## Action item
From the entries below, write out exactly the lines between the line holding "Patient: sex M, age 29" and the line holding "An aerial image. It shows: Industrial", inclusive, excluding any pictures.

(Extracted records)
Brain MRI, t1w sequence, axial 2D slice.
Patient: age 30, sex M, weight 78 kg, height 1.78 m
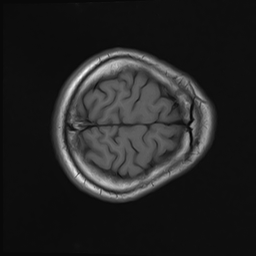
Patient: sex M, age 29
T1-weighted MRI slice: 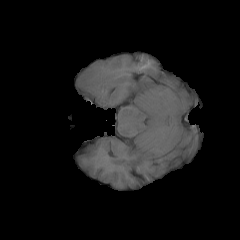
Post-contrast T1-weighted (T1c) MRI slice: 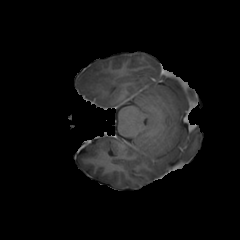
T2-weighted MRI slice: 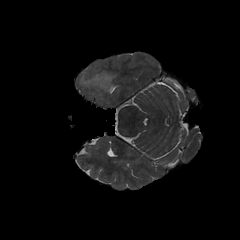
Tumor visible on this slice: yes
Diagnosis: Glioblastoma, IDH-wildtype
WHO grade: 4
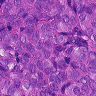
Metastatic tissue present: yes
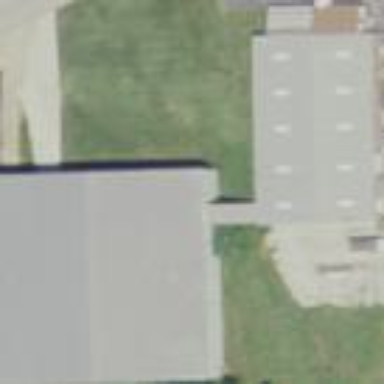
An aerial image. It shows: Industrial building.
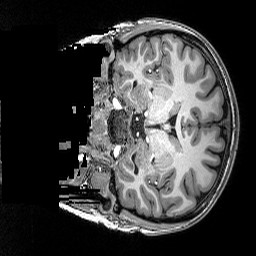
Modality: T1w
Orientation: coronal
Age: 21
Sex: female
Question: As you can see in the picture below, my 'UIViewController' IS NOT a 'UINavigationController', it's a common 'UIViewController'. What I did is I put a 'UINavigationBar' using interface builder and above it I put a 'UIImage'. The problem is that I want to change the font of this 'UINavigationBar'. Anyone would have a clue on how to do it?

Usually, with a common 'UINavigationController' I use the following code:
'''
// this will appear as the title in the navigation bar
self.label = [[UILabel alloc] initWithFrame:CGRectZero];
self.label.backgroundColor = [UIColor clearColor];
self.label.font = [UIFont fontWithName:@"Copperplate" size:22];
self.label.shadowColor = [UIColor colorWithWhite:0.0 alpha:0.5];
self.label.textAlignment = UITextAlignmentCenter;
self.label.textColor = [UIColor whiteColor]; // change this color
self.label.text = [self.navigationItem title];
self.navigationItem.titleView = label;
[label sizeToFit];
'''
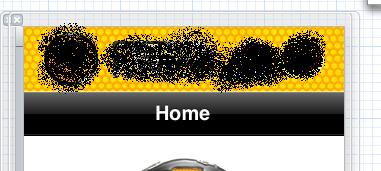
Answer: Well it should work the same way. I think you just need an 'IBOutlet' for the 'UINavigationBar', or only for the 'UINavigationItem' (the title for your 'UINavigationBar') and that's it.
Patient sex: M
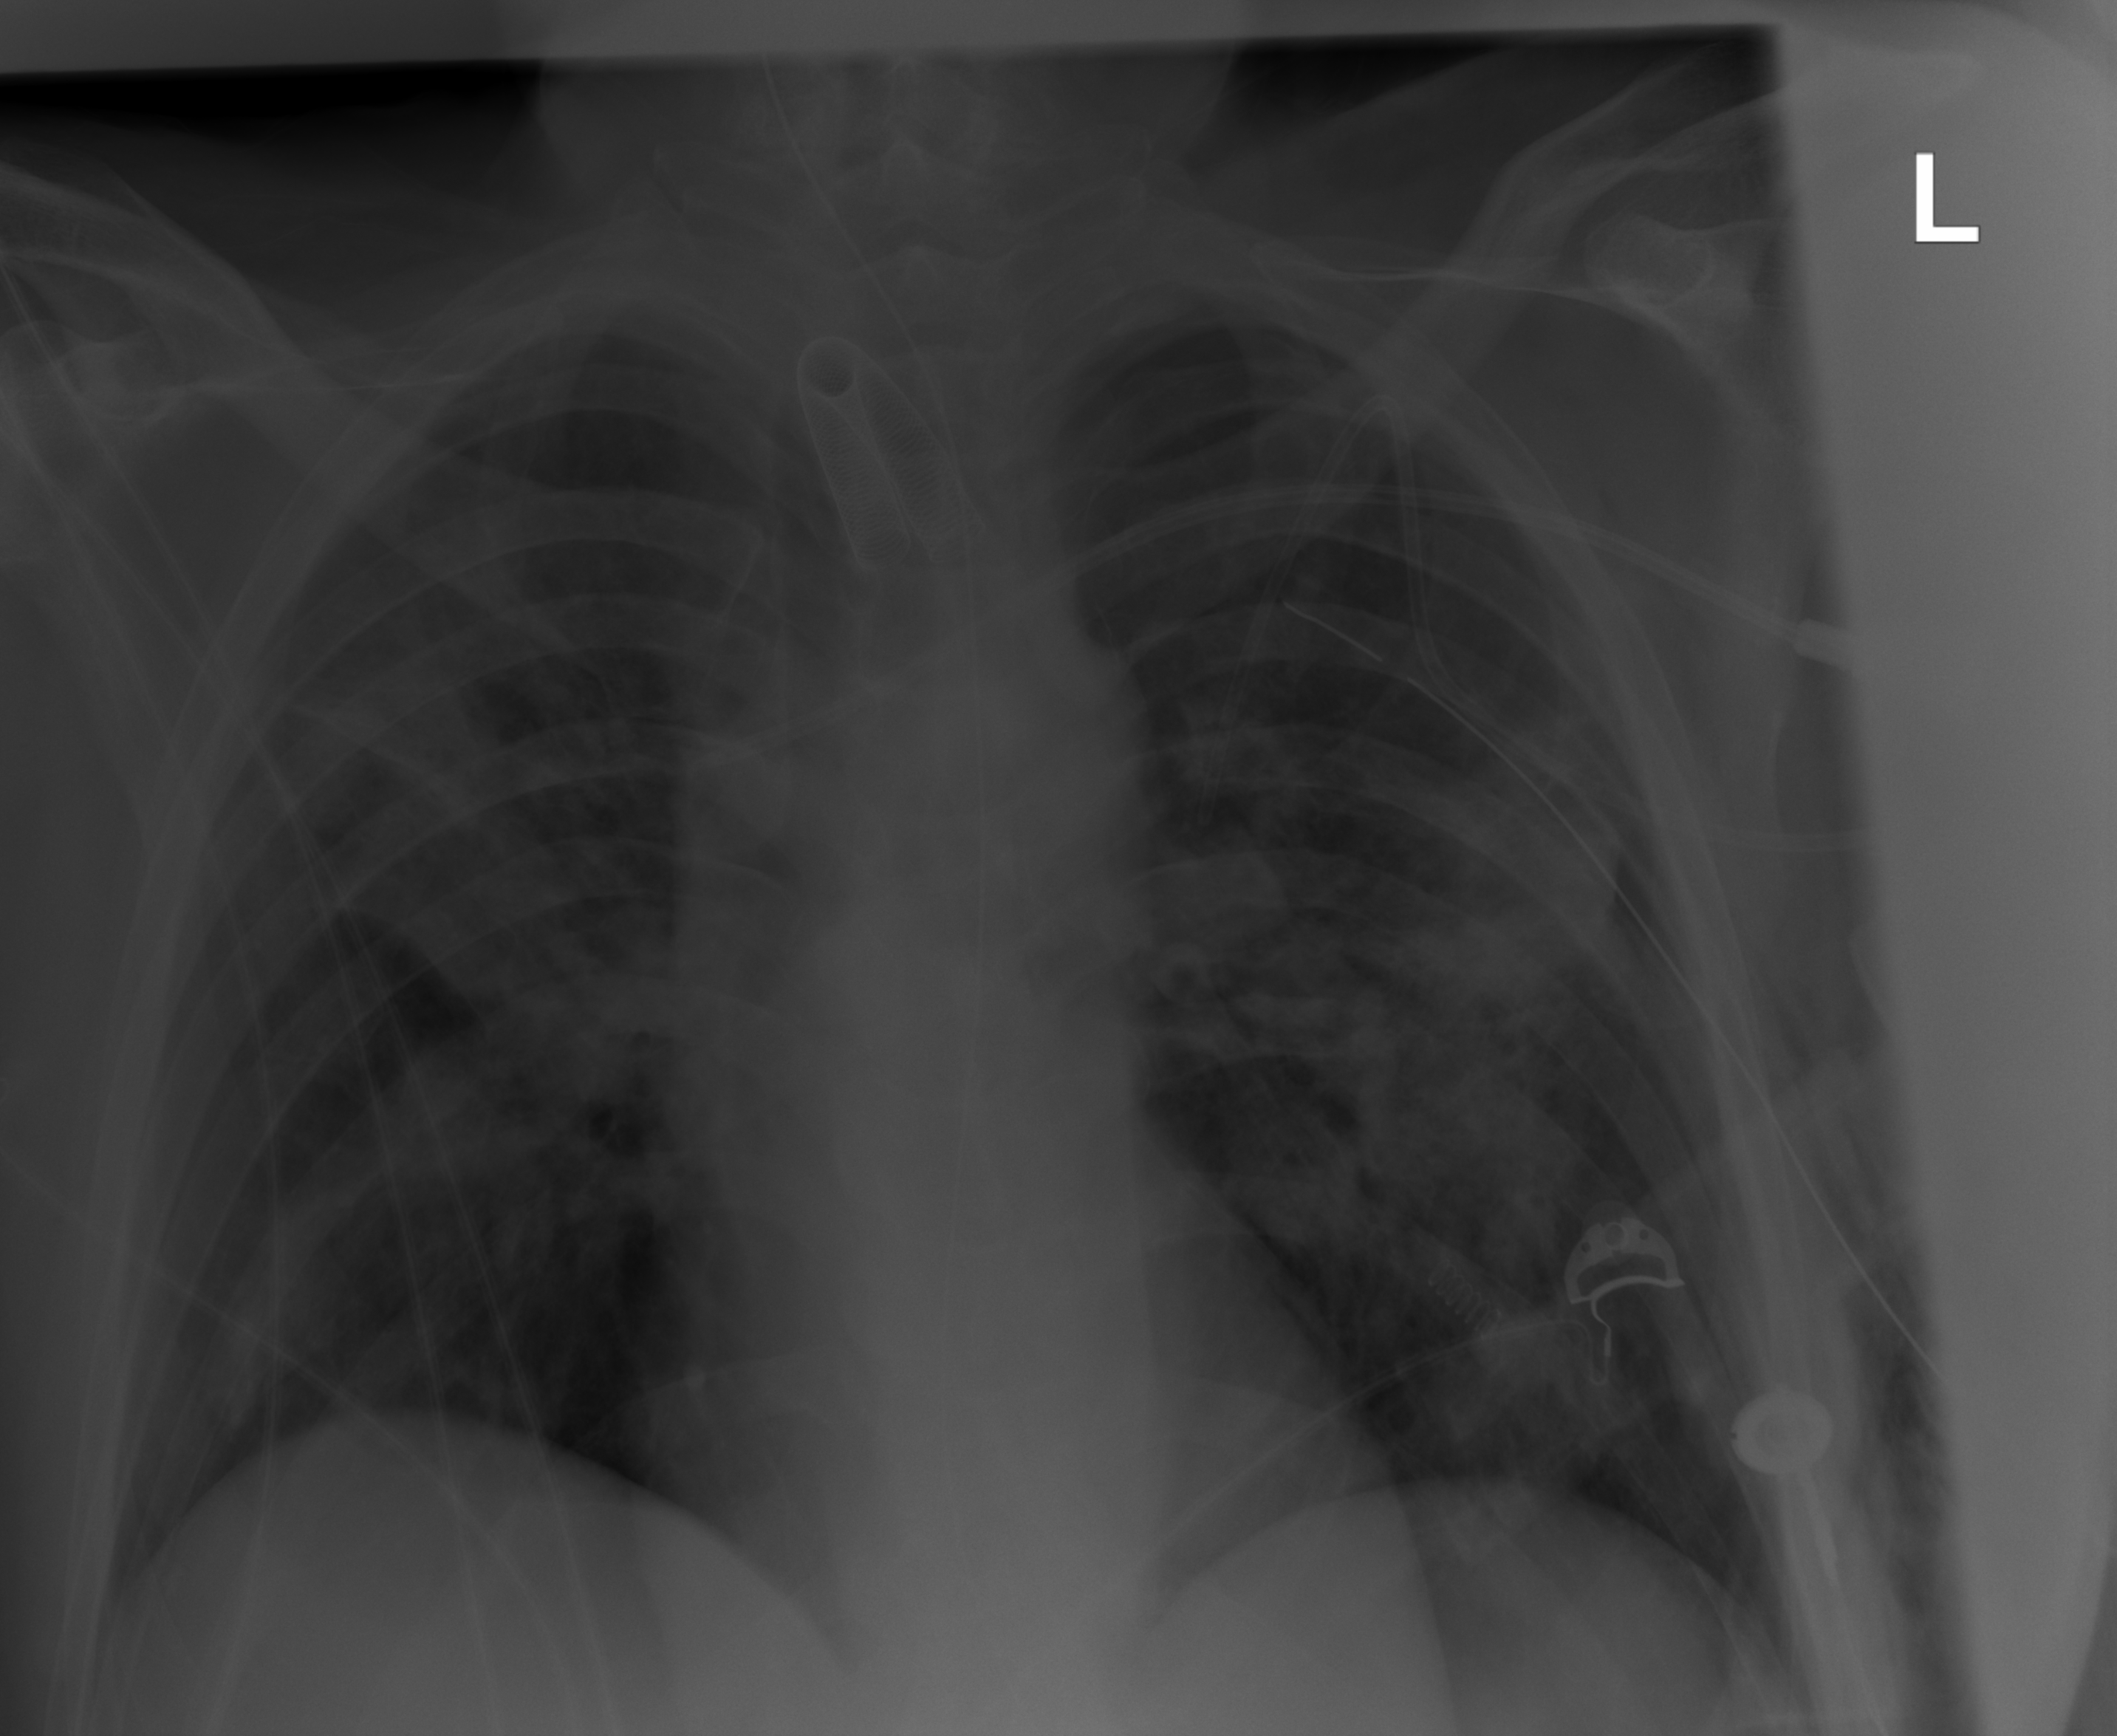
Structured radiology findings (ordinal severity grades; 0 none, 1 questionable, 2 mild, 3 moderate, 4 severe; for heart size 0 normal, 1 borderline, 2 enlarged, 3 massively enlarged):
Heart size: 0
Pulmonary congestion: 0
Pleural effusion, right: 0
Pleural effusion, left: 0
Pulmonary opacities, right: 3
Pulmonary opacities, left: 3
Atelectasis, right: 2
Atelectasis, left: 2
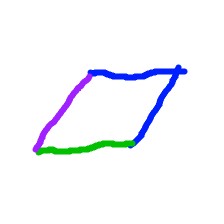
Shape: parallelogram
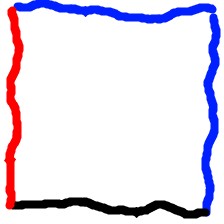
Shape: square
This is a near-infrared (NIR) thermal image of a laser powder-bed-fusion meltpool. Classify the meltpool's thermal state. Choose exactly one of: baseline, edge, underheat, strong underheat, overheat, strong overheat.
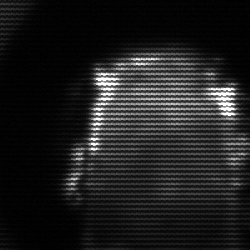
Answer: baseline
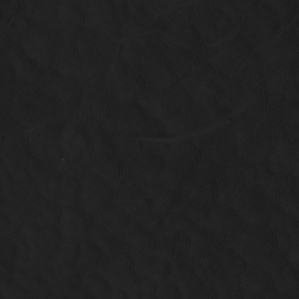
Label: non_frost
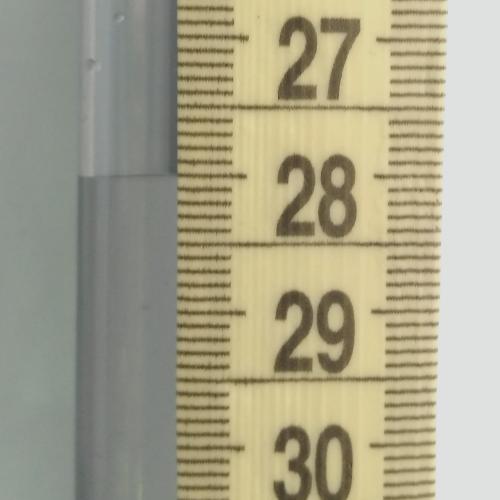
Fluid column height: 28.0 cm
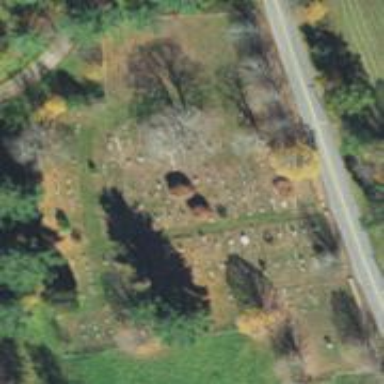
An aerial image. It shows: Cemetery with historic significance.
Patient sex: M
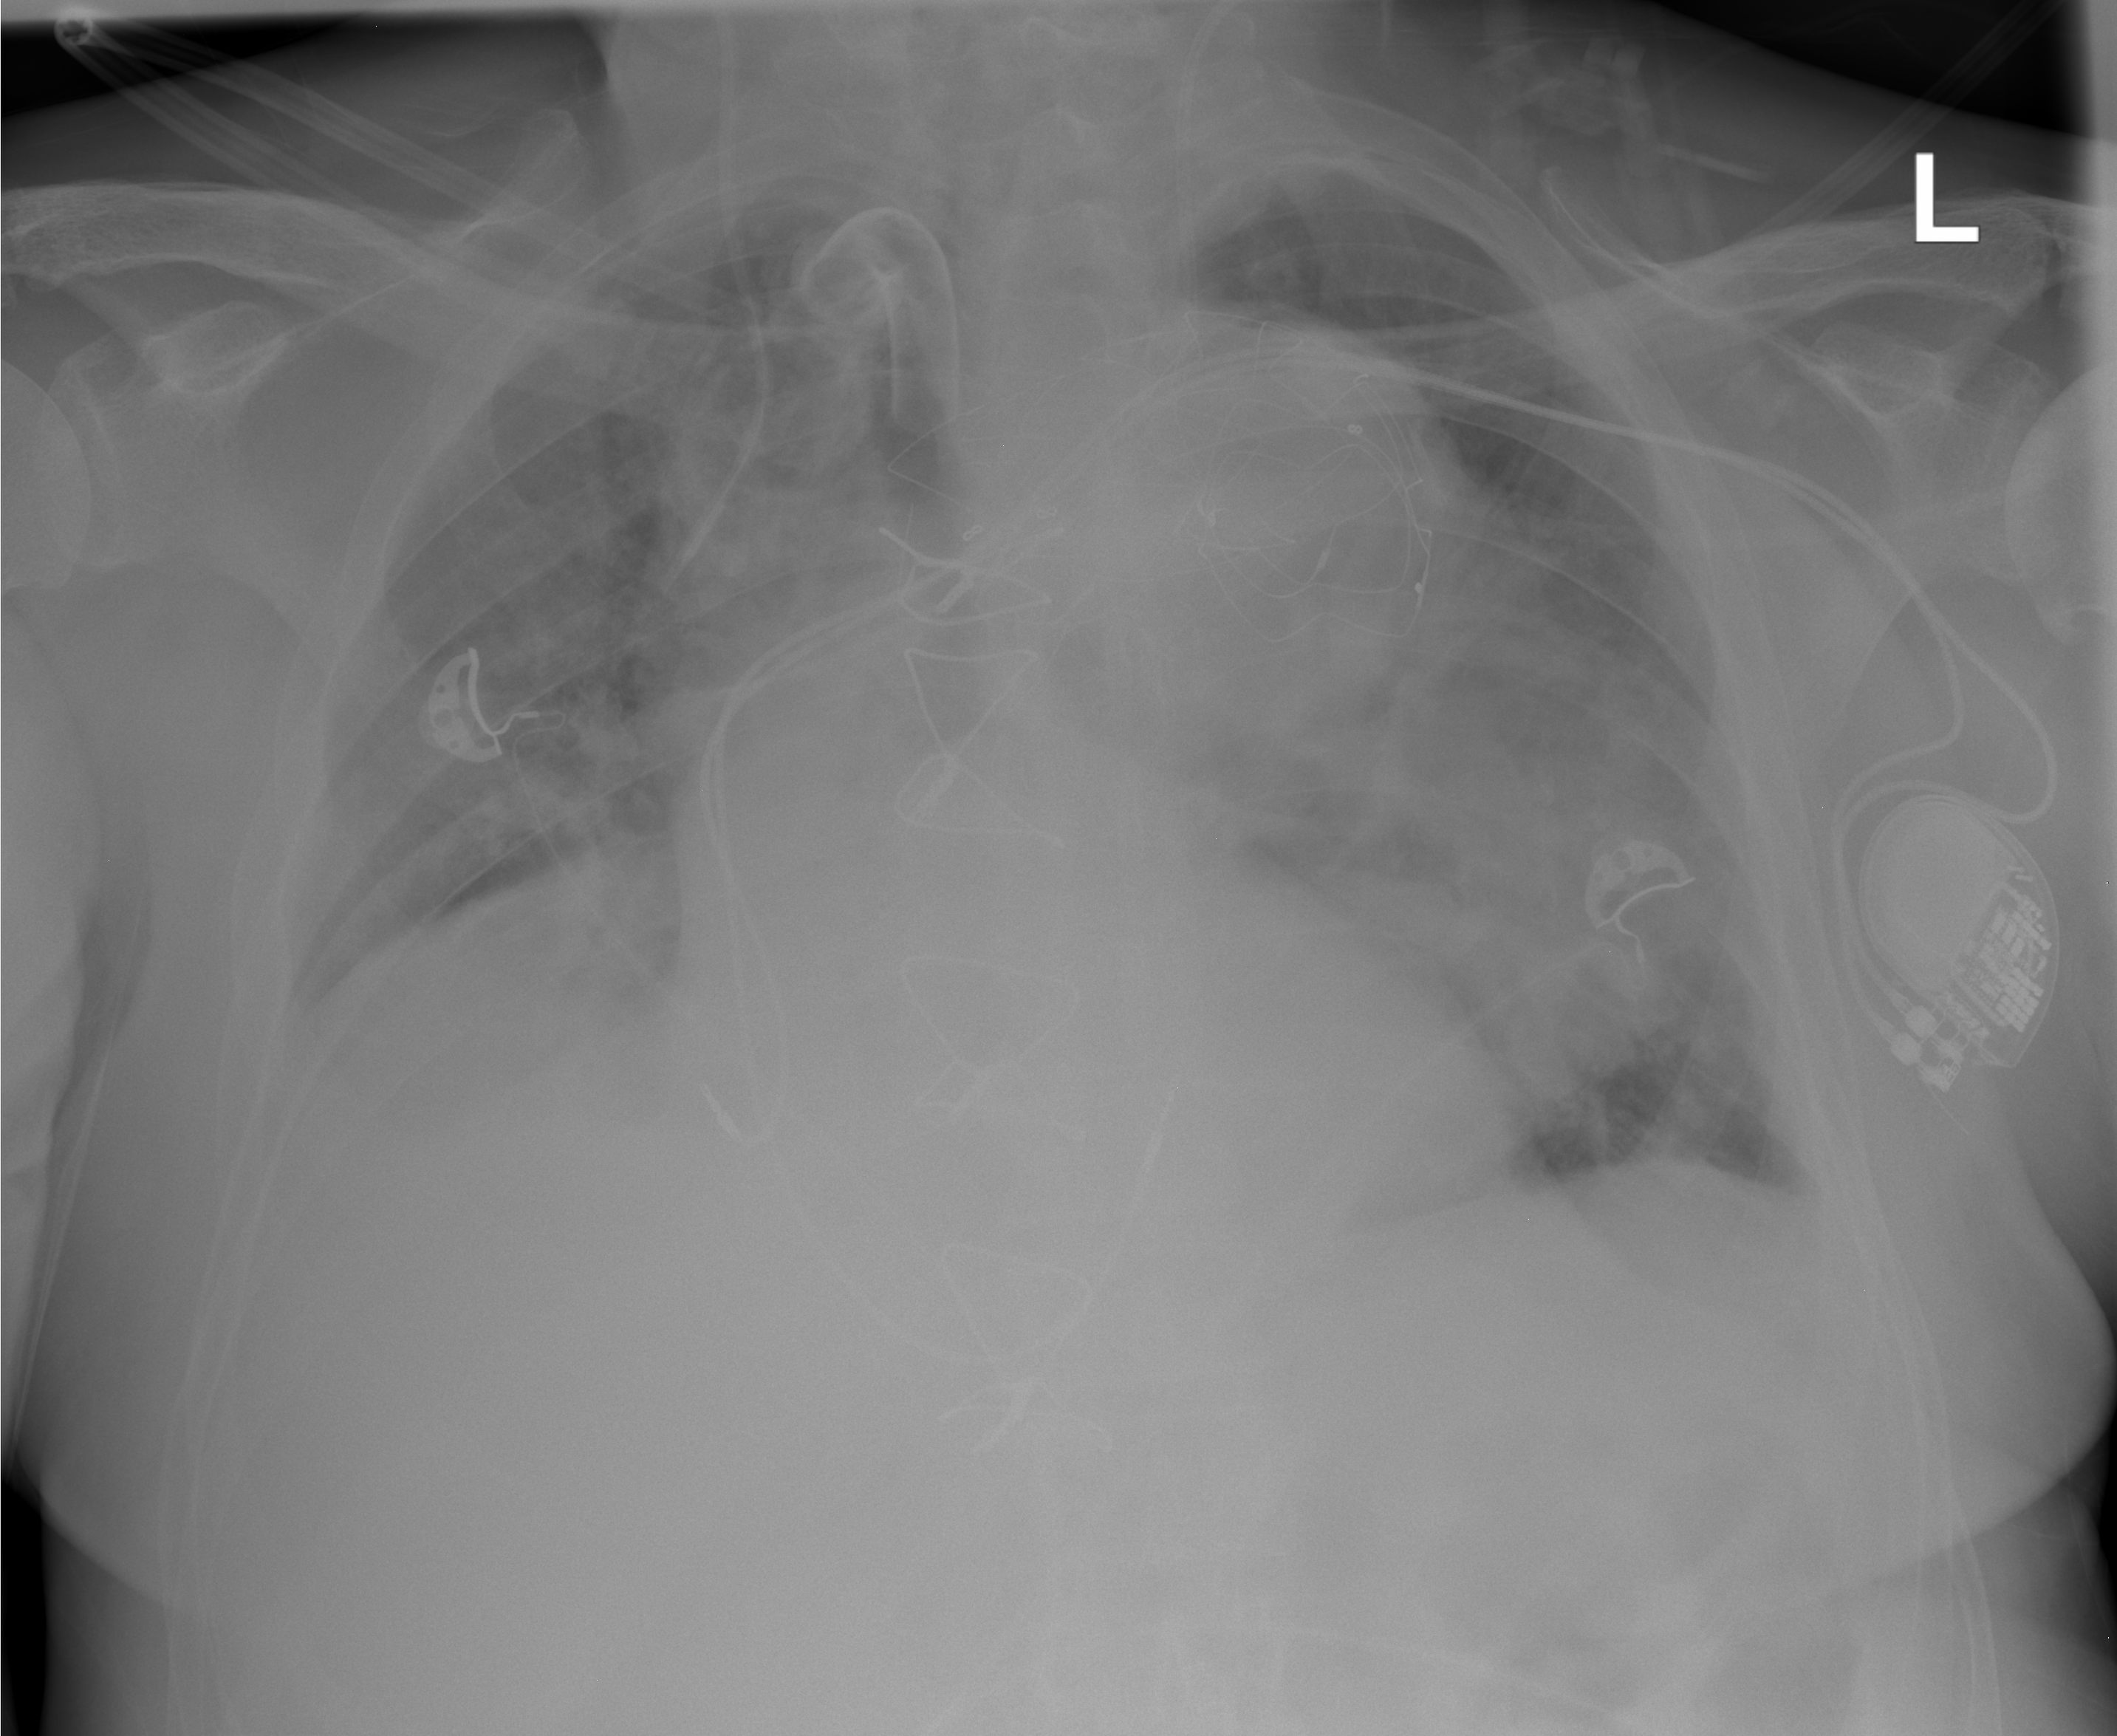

## Result
Patient: sex M, age 29
T1-weighted MRI slice: 
Post-contrast T1-weighted (T1c) MRI slice: 
T2-weighted MRI slice: 
Tumor visible on this slice: yes
Diagnosis: Glioblastoma, IDH-wildtype
WHO grade: 4
Metastatic tissue present: yes
An aerial image. It shows: Industrial building.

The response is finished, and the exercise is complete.